Compare that to the patient fluidity of “Lose” or “Prophecy,” which also just barely tops seven minutes, and a genuine sense of dynamics and creative range begins to emerge, though of course when it comes to “Prophecy,” the track is something of a summary of the self-titled’s multiple sides in itself, between the deft turns in tempo and rhythm, build toward an apex and multifaceted thrust. On the first couple listens, it can seem like VUG simply have two different methods of working — one for longer songs, one for shorter — but digging deeper reveals variety between “Awaken” and the mellower linearity of “Garden,” between the motor-readiness of “Poseidon” and the jazzy intricacy of the quiet stretches in “VUG.” Thus the 34 minutes of VUG are executed with deceptive nuance, but whether one wants to dissect or bop along, the record seems to welcome whatever level of engagement its audience might want to bring to it. That is, it works either way you want to go.

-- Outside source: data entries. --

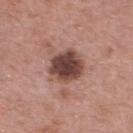| field | value |
|---|---|
| biopsy status | total-body-photography surveillance lesion; no biopsy |
| body site | the upper back |
| acquisition | ~15 mm crop, total-body skin-cancer survey |
| subject | male, aged approximately 65 |
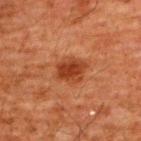Findings:
• image: 15 mm crop, total-body photography
• anatomic site: the back
• diameter: ~3.5 mm (longest diameter)
• illumination: cross-polarized illumination
• patient: male, aged 58 to 62
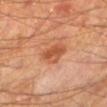About 3 mm across.
Captured under cross-polarized illumination.
The subject is a male approximately 65 years of age.
A lesion tile, about 15 mm wide, cut from a 3D total-body photograph.
Automated tile analysis of the lesion measured a footprint of about 7.5 mm², an outline eccentricity of about 0.5 (0 = round, 1 = elongated), and two-axis asymmetry of about 0.3. The analysis additionally found an automated nevus-likeness rating near 70 out of 100 and a detector confidence of about 100 out of 100 that the crop contains a lesion.
From the left lower leg.
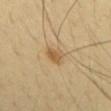Clinical impression:
Part of a total-body skin-imaging series; this lesion was reviewed on a skin check and was not flagged for biopsy.
Clinical summary:
Approximately 2.5 mm at its widest. Located on the back. A male patient about 45 years old. This image is a 15 mm lesion crop taken from a total-body photograph. Automated image analysis of the tile measured a footprint of about 4.5 mm², a shape eccentricity near 0.4, and a symmetry-axis asymmetry near 0.25. The software also gave an average lesion color of about L≈55 a*≈15 b*≈37 (CIELAB) and about 9 CIELAB-L* units darker than the surrounding skin. Imaged with cross-polarized lighting.
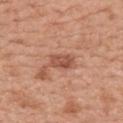Impression: This lesion was catalogued during total-body skin photography and was not selected for biopsy. Acquisition and patient details: Automated image analysis of the tile measured about 11 CIELAB-L* units darker than the surrounding skin and a normalized border contrast of about 7.5. The analysis additionally found a border-irregularity index near 2/10, a within-lesion color-variation index near 3.5/10, and a peripheral color-asymmetry measure near 1.5. A close-up tile cropped from a whole-body skin photograph, about 15 mm across. The lesion is on the back. A female patient in their mid-30s. Measured at roughly 3 mm in maximum diameter.
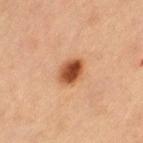This lesion was catalogued during total-body skin photography and was not selected for biopsy.
Cropped from a total-body skin-imaging series; the visible field is about 15 mm.
A female subject, in their 70s.
From the left thigh.
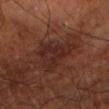workup: imaged on a skin check; not biopsied
size: about 5 mm
illumination: cross-polarized
image source: total-body-photography crop, ~15 mm field of view
patient: male, about 70 years old
anatomic site: the left lower leg
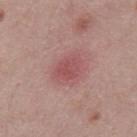The lesion was tiled from a total-body skin photograph and was not biopsied. A region of skin cropped from a whole-body photographic capture, roughly 15 mm wide. The patient is a male aged 43 to 47. Captured under white-light illumination. On the mid back. The recorded lesion diameter is about 3 mm.
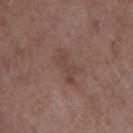This lesion was catalogued during total-body skin photography and was not selected for biopsy.
A region of skin cropped from a whole-body photographic capture, roughly 15 mm wide.
Captured under white-light illumination.
From the right upper arm.
A male subject, in their 50s.
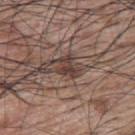Part of a total-body skin-imaging series; this lesion was reviewed on a skin check and was not flagged for biopsy.
Cropped from a total-body skin-imaging series; the visible field is about 15 mm.
A male subject approximately 70 years of age.
Located on the back.
Measured at roughly 2.5 mm in maximum diameter.
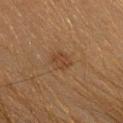Assessment: The lesion was photographed on a routine skin check and not biopsied; there is no pathology result. Background: The tile uses cross-polarized illumination. The total-body-photography lesion software estimated a lesion–skin lightness drop of about 6 and a normalized border contrast of about 5.5. And it measured border irregularity of about 3 on a 0–10 scale, internal color variation of about 2.5 on a 0–10 scale, and a peripheral color-asymmetry measure near 1. And it measured a nevus-likeness score of about 5/100 and a lesion-detection confidence of about 100/100. A 15 mm close-up tile from a total-body photography series done for melanoma screening. The subject is a female approximately 20 years of age. From the head or neck.
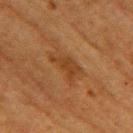Q: Is there a histopathology result?
A: imaged on a skin check; not biopsied
Q: What kind of image is this?
A: total-body-photography crop, ~15 mm field of view
Q: What are the patient's age and sex?
A: female, approximately 55 years of age
Q: Lesion size?
A: ~4.5 mm (longest diameter)
Q: How was the tile lit?
A: cross-polarized illumination
Q: Lesion location?
A: the arm
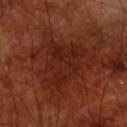subject = male, aged approximately 70 | acquisition = ~15 mm tile from a whole-body skin photo | image-analysis metrics = a footprint of about 20 mm² and two-axis asymmetry of about 0.45; a classifier nevus-likeness of about 0/100 and lesion-presence confidence of about 95/100 | location = the front of the torso.
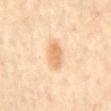Captured during whole-body skin photography for melanoma surveillance; the lesion was not biopsied.
This is a cross-polarized tile.
On the abdomen.
A male subject, approximately 60 years of age.
Cropped from a whole-body photographic skin survey; the tile spans about 15 mm.
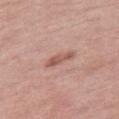Assessment: Captured during whole-body skin photography for melanoma surveillance; the lesion was not biopsied. Acquisition and patient details: The recorded lesion diameter is about 3.5 mm. The lesion is on the leg. The subject is a female approximately 70 years of age. A 15 mm close-up tile from a total-body photography series done for melanoma screening. The total-body-photography lesion software estimated a classifier nevus-likeness of about 5/100 and lesion-presence confidence of about 100/100. This is a white-light tile.
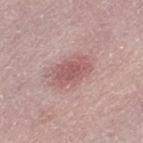Q: Was this lesion biopsied?
A: no biopsy performed (imaged during a skin exam)
Q: Who is the patient?
A: female, in their mid- to late 60s
Q: Where on the body is the lesion?
A: the leg
Q: What kind of image is this?
A: ~15 mm crop, total-body skin-cancer survey
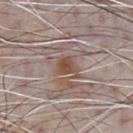Clinical impression:
Part of a total-body skin-imaging series; this lesion was reviewed on a skin check and was not flagged for biopsy.
Clinical summary:
The tile uses white-light illumination. The lesion's longest dimension is about 2.5 mm. The lesion is on the chest. A 15 mm close-up tile from a total-body photography series done for melanoma screening. The patient is a male in their 70s. An algorithmic analysis of the crop reported a footprint of about 4.5 mm², a shape eccentricity near 0.45, and a shape-asymmetry score of about 0.3 (0 = symmetric).
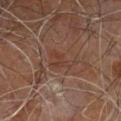Part of a total-body skin-imaging series; this lesion was reviewed on a skin check and was not flagged for biopsy. Approximately 3.5 mm at its widest. This is a cross-polarized tile. A male patient approximately 60 years of age. This image is a 15 mm lesion crop taken from a total-body photograph. Automated tile analysis of the lesion measured a lesion color around L≈36 a*≈19 b*≈25 in CIELAB, a lesion–skin lightness drop of about 5, and a normalized border contrast of about 5.5. And it measured a lesion-detection confidence of about 70/100. The lesion is on the right leg.
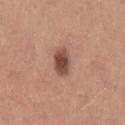Imaged during a routine full-body skin examination; the lesion was not biopsied and no histopathology is available.
On the right thigh.
A close-up tile cropped from a whole-body skin photograph, about 15 mm across.
The patient is a female in their mid- to late 20s.
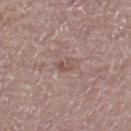This lesion was catalogued during total-body skin photography and was not selected for biopsy. A female subject aged around 65. Located on the left thigh. A 15 mm close-up tile from a total-body photography series done for melanoma screening.
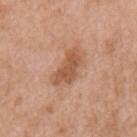{"patient": {"sex": "male", "age_approx": 75}, "lighting": "white-light", "lesion_size": {"long_diameter_mm_approx": 5.0}, "site": "mid back", "image": {"source": "total-body photography crop", "field_of_view_mm": 15}}
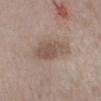Q: Was this lesion biopsied?
A: catalogued during a skin exam; not biopsied
Q: What is the lesion's diameter?
A: about 5.5 mm
Q: Illumination type?
A: white-light
Q: What did automated image analysis measure?
A: a border-irregularity rating of about 2/10, a within-lesion color-variation index near 3.5/10, and a peripheral color-asymmetry measure near 1
Q: Where on the body is the lesion?
A: the left lower leg
Q: Patient demographics?
A: female, about 55 years old
Q: What kind of image is this?
A: total-body-photography crop, ~15 mm field of view
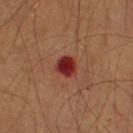The lesion was tiled from a total-body skin photograph and was not biopsied.
The lesion is on the upper back.
Automated tile analysis of the lesion measured a lesion area of about 5 mm², an eccentricity of roughly 0.2, and a symmetry-axis asymmetry near 0.25. And it measured a border-irregularity rating of about 2/10, internal color variation of about 3.5 on a 0–10 scale, and peripheral color asymmetry of about 1.
The patient is a male in their 70s.
Longest diameter approximately 2.5 mm.
Cropped from a whole-body photographic skin survey; the tile spans about 15 mm.
The tile uses cross-polarized illumination.
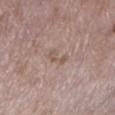{
  "biopsy_status": "not biopsied; imaged during a skin examination",
  "lighting": "white-light",
  "patient": {
    "sex": "female",
    "age_approx": 70
  },
  "automated_metrics": {
    "color_variation_0_10": 0.0,
    "peripheral_color_asymmetry": 0.0,
    "nevus_likeness_0_100": 0,
    "lesion_detection_confidence_0_100": 100
  },
  "site": "left lower leg",
  "image": {
    "source": "total-body photography crop",
    "field_of_view_mm": 15
  }
}
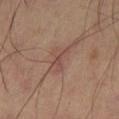• notes — imaged on a skin check; not biopsied
• location — the leg
• lighting — cross-polarized illumination
• imaging modality — total-body-photography crop, ~15 mm field of view
• lesion diameter — about 3.5 mm
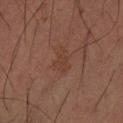  biopsy_status: not biopsied; imaged during a skin examination
  lighting: cross-polarized
  lesion_size:
    long_diameter_mm_approx: 3.0
  patient:
    sex: male
    age_approx: 50
  site: left forearm
  automated_metrics:
    cielab_L: 34
    cielab_a: 19
    cielab_b: 24
    vs_skin_darker_L: 4.0
    border_irregularity_0_10: 4.5
    color_variation_0_10: 0.5
    peripheral_color_asymmetry: 0.0
    nevus_likeness_0_100: 0
  image:
    source: total-body photography crop
    field_of_view_mm: 15
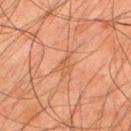Part of a total-body skin-imaging series; this lesion was reviewed on a skin check and was not flagged for biopsy. Captured under cross-polarized illumination. On the back. The total-body-photography lesion software estimated an outline eccentricity of about 0.85 (0 = round, 1 = elongated) and a symmetry-axis asymmetry near 0.45. Cropped from a whole-body photographic skin survey; the tile spans about 15 mm. A male subject aged 43–47. About 3 mm across.
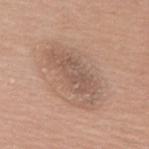Impression: Recorded during total-body skin imaging; not selected for excision or biopsy. Clinical summary: The tile uses white-light illumination. The lesion's longest dimension is about 7 mm. From the upper back. A female patient aged 58–62. A 15 mm crop from a total-body photograph taken for skin-cancer surveillance.
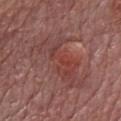| feature | finding |
|---|---|
| workup | imaged on a skin check; not biopsied |
| patient | male, aged around 75 |
| illumination | white-light illumination |
| anatomic site | the chest |
| lesion diameter | ≈8.5 mm |
| image | 15 mm crop, total-body photography |
| image-analysis metrics | roughly 6 lightness units darker than nearby skin; an automated nevus-likeness rating near 5 out of 100 and a lesion-detection confidence of about 95/100 |
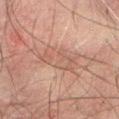Clinical impression:
The lesion was photographed on a routine skin check and not biopsied; there is no pathology result.
Image and clinical context:
A lesion tile, about 15 mm wide, cut from a 3D total-body photograph. Approximately 5 mm at its widest. A male patient aged 58 to 62. The lesion is on the abdomen.
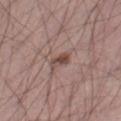Findings:
– illumination: white-light
– size: about 3 mm
– image source: ~15 mm tile from a whole-body skin photo
– site: the right thigh
– patient: male, aged 53 to 57
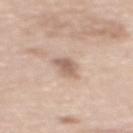Clinical impression:
Captured during whole-body skin photography for melanoma surveillance; the lesion was not biopsied.
Context:
A female patient aged around 60. Approximately 3 mm at its widest. From the back. A 15 mm close-up tile from a total-body photography series done for melanoma screening.
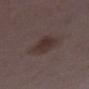Assessment: This lesion was catalogued during total-body skin photography and was not selected for biopsy. Clinical summary: Cropped from a total-body skin-imaging series; the visible field is about 15 mm. The lesion is located on the right lower leg. Approximately 4 mm at its widest. Automated tile analysis of the lesion measured an average lesion color of about L≈32 a*≈14 b*≈17 (CIELAB), about 7 CIELAB-L* units darker than the surrounding skin, and a lesion-to-skin contrast of about 7.5 (normalized; higher = more distinct). It also reported a nevus-likeness score of about 75/100 and a lesion-detection confidence of about 100/100. Imaged with white-light lighting. The patient is a female aged 28–32.
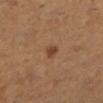This lesion was catalogued during total-body skin photography and was not selected for biopsy.
The lesion is located on the left lower leg.
The tile uses cross-polarized illumination.
A female subject in their mid-50s.
A lesion tile, about 15 mm wide, cut from a 3D total-body photograph.
Longest diameter approximately 1.5 mm.
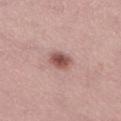Imaged with white-light lighting.
This image is a 15 mm lesion crop taken from a total-body photograph.
A male patient, approximately 55 years of age.
The recorded lesion diameter is about 2.5 mm.
The lesion is on the lower back.
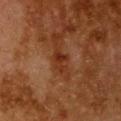<lesion>
  <image>
    <source>total-body photography crop</source>
    <field_of_view_mm>15</field_of_view_mm>
  </image>
  <site>chest</site>
  <patient>
    <sex>female</sex>
    <age_approx>50</age_approx>
  </patient>
</lesion>
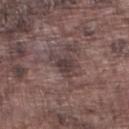Case summary:
- biopsy status · total-body-photography surveillance lesion; no biopsy
- image source · total-body-photography crop, ~15 mm field of view
- lighting · white-light illumination
- patient · male, in their mid-70s
- size · ≈3.5 mm
- image-analysis metrics · a mean CIELAB color near L≈38 a*≈15 b*≈15 and a lesion-to-skin contrast of about 7.5 (normalized; higher = more distinct)
- location · the left lower leg
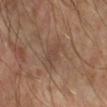automated metrics — a footprint of about 4.5 mm², an eccentricity of roughly 0.75, and two-axis asymmetry of about 0.3; a lesion color around L≈45 a*≈17 b*≈26 in CIELAB, a lesion–skin lightness drop of about 6, and a lesion-to-skin contrast of about 4.5 (normalized; higher = more distinct); a border-irregularity rating of about 3/10, a color-variation rating of about 2/10, and a peripheral color-asymmetry measure near 0.5 | lesion size — about 3 mm | body site — the right forearm | acquisition — ~15 mm tile from a whole-body skin photo.
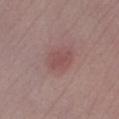No biopsy was performed on this lesion — it was imaged during a full skin examination and was not determined to be concerning. A male subject, aged 48–52. An algorithmic analysis of the crop reported two-axis asymmetry of about 0.3. And it measured border irregularity of about 3.5 on a 0–10 scale, a color-variation rating of about 1/10, and a peripheral color-asymmetry measure near 0.5. It also reported a nevus-likeness score of about 50/100 and a detector confidence of about 100 out of 100 that the crop contains a lesion. Imaged with white-light lighting. A 15 mm close-up extracted from a 3D total-body photography capture. On the right lower leg. Approximately 3 mm at its widest.
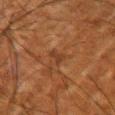| feature | finding |
|---|---|
| biopsy status | total-body-photography surveillance lesion; no biopsy |
| site | the right upper arm |
| patient | male, about 65 years old |
| acquisition | 15 mm crop, total-body photography |
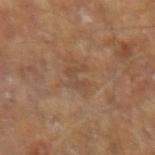follow-up: no biopsy performed (imaged during a skin exam) | diameter: ~2.5 mm (longest diameter) | TBP lesion metrics: a lesion color around L≈45 a*≈18 b*≈28 in CIELAB, about 6 CIELAB-L* units darker than the surrounding skin, and a lesion-to-skin contrast of about 5 (normalized; higher = more distinct) | body site: the arm | imaging modality: ~15 mm crop, total-body skin-cancer survey | tile lighting: cross-polarized | subject: male, roughly 65 years of age.
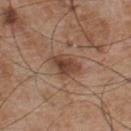| field | value |
|---|---|
| notes | imaged on a skin check; not biopsied |
| patient | male, aged around 55 |
| size | ~3.5 mm (longest diameter) |
| site | the chest |
| imaging modality | 15 mm crop, total-body photography |
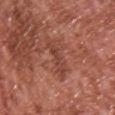patient:
  sex: male
  age_approx: 65
site: upper back
image:
  source: total-body photography crop
  field_of_view_mm: 15
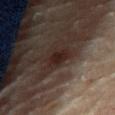follow-up=imaged on a skin check; not biopsied | lighting=cross-polarized | lesion size=about 3.5 mm | anatomic site=the right thigh | patient=male, about 85 years old or older | image=total-body-photography crop, ~15 mm field of view.
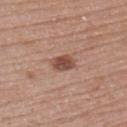Captured during whole-body skin photography for melanoma surveillance; the lesion was not biopsied.
Located on the left upper arm.
Captured under white-light illumination.
The total-body-photography lesion software estimated a footprint of about 4.5 mm² and an eccentricity of roughly 0.75. The analysis additionally found about 12 CIELAB-L* units darker than the surrounding skin and a lesion-to-skin contrast of about 9 (normalized; higher = more distinct). And it measured a border-irregularity index near 2/10, a within-lesion color-variation index near 3/10, and peripheral color asymmetry of about 1.
The patient is a female about 65 years old.
Measured at roughly 3 mm in maximum diameter.
A 15 mm close-up extracted from a 3D total-body photography capture.

They’re not genreless, but their pursuits are clearly geared toward individuality, and in company with the more familiar aspects of their blues rock, the instrumental nuance they bring to the table speaks of future progression and overarching potential as songwriters. Where they’ll end up? Hell if I know, but their debut is striking in its clarity of mission and cohesive, vibrant execution. I’d ask nothing more of it than it delivers.

With my thanks to Noisolution and VUG, I’ve been given permission to host the premiere of “Prophecy” for your streaming pleasure. You’ll find it on the player below, followed by more info from the PR wire.

Please enjoy:

Gathering in Neukölln, Berlin in 2015, VUG quickly developed a heavy yet melodic rock sound that would feel just as at home in the Scandinavian rock capital of Gothenburg. Formed by longtime friends Max Raine (guitar), Philip Hennermann (bass) and Felix Scholl (guitar, vocals) and eventually finalized by Nick DiSalvo (drums) the band already had a diverse history of DIY punk, stoner rock and doom in the members’ collective past. However, the goal here was always simple and timeless: making loud music, having a good time and not giving a shit about labels.

In the last weeks of 2016 VUG entered Mesanic Music studio in Kreuzberg to record their eponymous debut album. Tracking entirely live in two days in winter, the band finished a record that sounded raw and energetic, a snapshot of a live show. The self-titled record was mixed by Max Körich in Berlin and mastered by Carl Saff in Chicago.

VUG will be released on vinyl, CD and digitally by Noisolution on April 13th, 2018.